» **Directions**
Show, in full, each line of the data that contains "shows".

» **Records for processing**
BEGIN
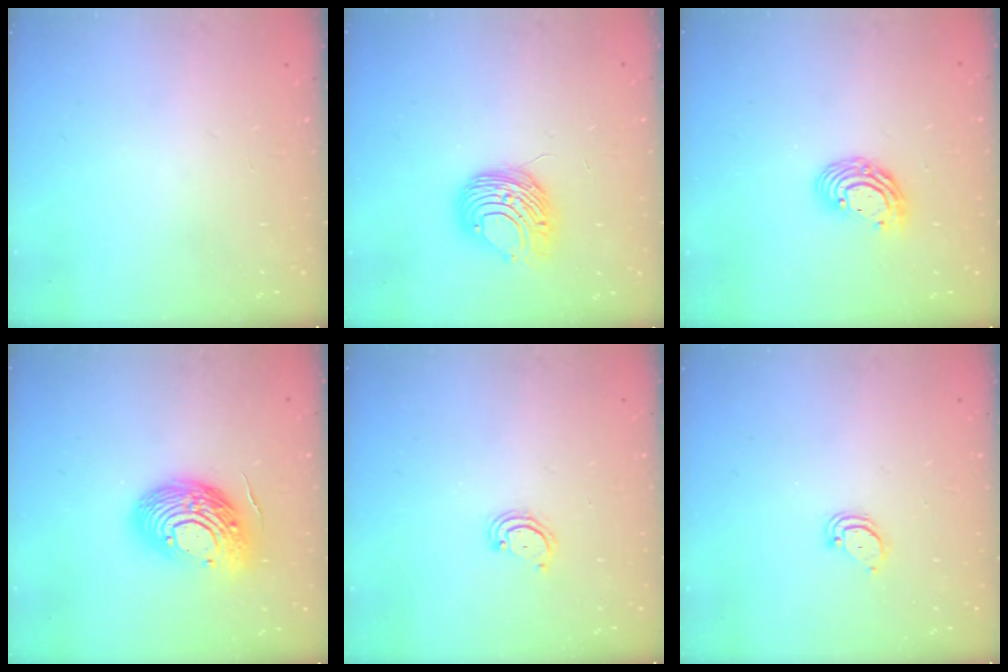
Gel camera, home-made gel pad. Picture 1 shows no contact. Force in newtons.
END
BEGIN
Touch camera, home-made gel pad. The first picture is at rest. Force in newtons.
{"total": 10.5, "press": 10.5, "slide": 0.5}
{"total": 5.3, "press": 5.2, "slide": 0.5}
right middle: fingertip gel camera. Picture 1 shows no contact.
END
» **Exercise output**
Gel camera, home-made gel pad. Picture 1 shows no contact. Force in newtons.
right middle: fingertip gel camera. Picture 1 shows no contact.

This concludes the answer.